# Work order:
Please write out all the data that follows exactly, without the pictures.

# Records from a dataset:
====

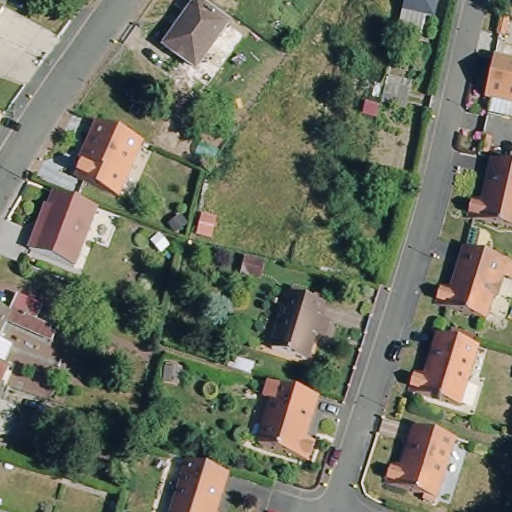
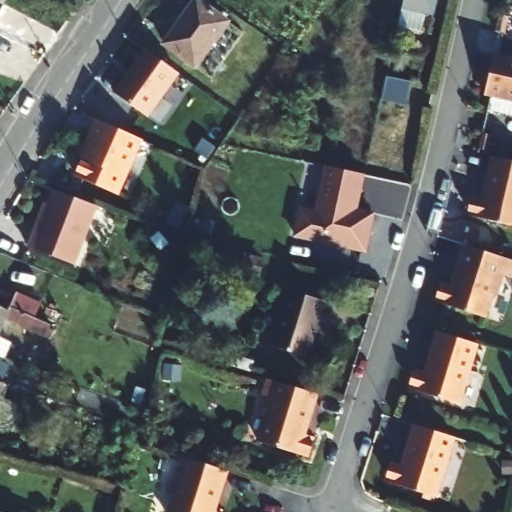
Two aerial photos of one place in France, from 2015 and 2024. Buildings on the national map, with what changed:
unchanged [(0,16),(0,0),(7,0),(0,16)]
unchanged [(198,0),(212,0),(234,16),(202,61),(170,38),(198,0)]
unchanged [(407,10),(410,0),(443,0),(440,13),(430,11),(426,29),(404,24),(407,10)]
unchanged [(489,97),(492,86),(486,84),(495,45),(512,49),(512,103),(489,97)]
new [(182,73),(148,116),(114,91),(145,47),(182,73)]
unchanged [(383,74),(407,79),(402,102),(377,96),(383,74)]
unchanged [(83,147),(78,144),(91,116),(136,136),(112,189),(111,191),(71,171),(80,154),(83,147)]
unchanged [(467,214),(470,195),(482,199),(487,172),(486,171),(490,155),(512,161),(512,226),(467,214)]
new [(367,253),(295,238),(299,206),(314,209),(324,165),(365,174),(358,208),(375,212),(367,253)]
unchanged [(33,229),(35,230),(52,187),(95,204),(72,262),(27,245),(33,229)]
unchanged [(502,274),(495,295),(491,294),(483,317),(434,300),(440,281),(452,285),(460,260),(457,258),(462,245),(512,261),(512,275),(511,278),(502,274)]
unchanged [(322,298),(318,312),(328,315),(323,333),(312,329),(305,355),(268,342),(287,287),(322,298)]
unchanged [(18,290),(42,301),(37,313),(52,320),(51,324),(57,327),(52,335),(10,315),(0,336),(0,303),(10,308),(18,290)]
unchanged [(412,387),(417,368),(430,371),(436,347),(433,346),(438,330),(480,343),(460,403),(412,387)]
unchanged [(0,373),(0,360),(5,362),(0,373)]
unchanged [(310,406),(302,429),(315,435),(309,454),(260,437),(273,394),(263,390),(268,375),(287,382),(318,392),(313,407),(310,406)]
unchanged [(0,381),(10,384),(3,398),(0,397),(0,381)]
unchanged [(457,435),(438,496),(388,480),(395,460),(405,463),(413,438),(411,437),(415,422),(457,435)]
unchanged [(192,449),(202,452),(232,462),(226,477),(223,476),(215,500),(229,504),(227,512),(184,512),(172,508),(192,449)]
unchanged [(0,512),(0,509),(9,512),(0,512)]

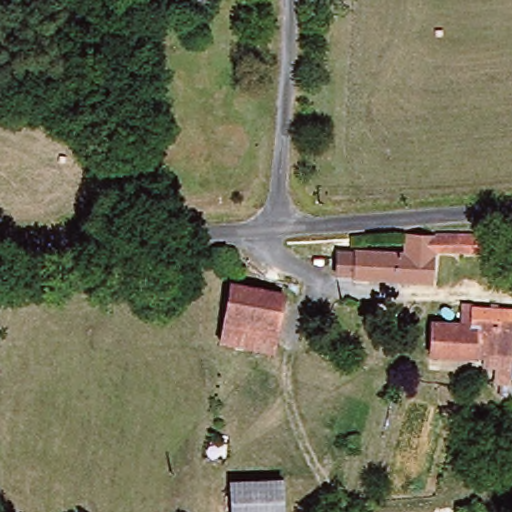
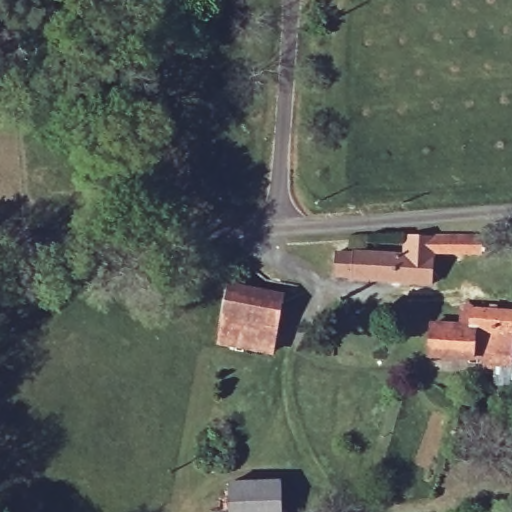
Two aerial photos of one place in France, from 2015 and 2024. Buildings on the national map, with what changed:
unchanged [(489,237),(487,258),(468,256),(429,254),(427,280),(349,275),(348,249),(363,248),(362,240),(408,237),(469,236),(489,237)]
unchanged [(284,296),(278,351),(267,351),(221,344),(228,290),(274,294),(284,296)]
unchanged [(512,316),(512,400),(497,401),(495,383),(488,383),(488,368),(476,367),(482,323),(482,314),(512,316)]
unchanged [(452,319),(482,323),(476,367),(421,358),(424,332),(449,336),(452,319)]
unchanged [(230,512),(228,489),(279,481),(284,512),(230,512)]

====

# Worked solution:
Two aerial photos of one place in France, from 2015 and 2024. Buildings on the national map, with what changed:
unchanged [(0,16),(0,0),(7,0),(0,16)]
unchanged [(198,0),(212,0),(234,16),(202,61),(170,38),(198,0)]
unchanged [(407,10),(410,0),(443,0),(440,13),(430,11),(426,29),(404,24),(407,10)]
unchanged [(489,97),(492,86),(486,84),(495,45),(512,49),(512,103),(489,97)]
new [(182,73),(148,116),(114,91),(145,47),(182,73)]
unchanged [(383,74),(407,79),(402,102),(377,96),(383,74)]
unchanged [(83,147),(78,144),(91,116),(136,136),(112,189),(111,191),(71,171),(80,154),(83,147)]
unchanged [(467,214),(470,195),(482,199),(487,172),(486,171),(490,155),(512,161),(512,226),(467,214)]
new [(367,253),(295,238),(299,206),(314,209),(324,165),(365,174),(358,208),(375,212),(367,253)]
unchanged [(33,229),(35,230),(52,187),(95,204),(72,262),(27,245),(33,229)]
unchanged [(502,274),(495,295),(491,294),(483,317),(434,300),(440,281),(452,285),(460,260),(457,258),(462,245),(512,261),(512,275),(511,278),(502,274)]
unchanged [(322,298),(318,312),(328,315),(323,333),(312,329),(305,355),(268,342),(287,287),(322,298)]
unchanged [(18,290),(42,301),(37,313),(52,320),(51,324),(57,327),(52,335),(10,315),(0,336),(0,303),(10,308),(18,290)]
unchanged [(412,387),(417,368),(430,371),(436,347),(433,346),(438,330),(480,343),(460,403),(412,387)]
unchanged [(0,373),(0,360),(5,362),(0,373)]
unchanged [(310,406),(302,429),(315,435),(309,454),(260,437),(273,394),(263,390),(268,375),(287,382),(318,392),(313,407),(310,406)]
unchanged [(0,381),(10,384),(3,398),(0,397),(0,381)]
unchanged [(457,435),(438,496),(388,480),(395,460),(405,463),(413,438),(411,437),(415,422),(457,435)]
unchanged [(192,449),(202,452),(232,462),(226,477),(223,476),(215,500),(229,504),(227,512),(184,512),(172,508),(192,449)]
unchanged [(0,512),(0,509),(9,512),(0,512)]

Two aerial photos of one place in France, from 2015 and 2024. Buildings on the national map, with what changed:
unchanged [(489,237),(487,258),(468,256),(429,254),(427,280),(349,275),(348,249),(363,248),(362,240),(408,237),(469,236),(489,237)]
unchanged [(284,296),(278,351),(267,351),(221,344),(228,290),(274,294),(284,296)]
unchanged [(512,316),(512,400),(497,401),(495,383),(488,383),(488,368),(476,367),(482,323),(482,314),(512,316)]
unchanged [(452,319),(482,323),(476,367),(421,358),(424,332),(449,336),(452,319)]
unchanged [(230,512),(228,489),(279,481),(284,512),(230,512)]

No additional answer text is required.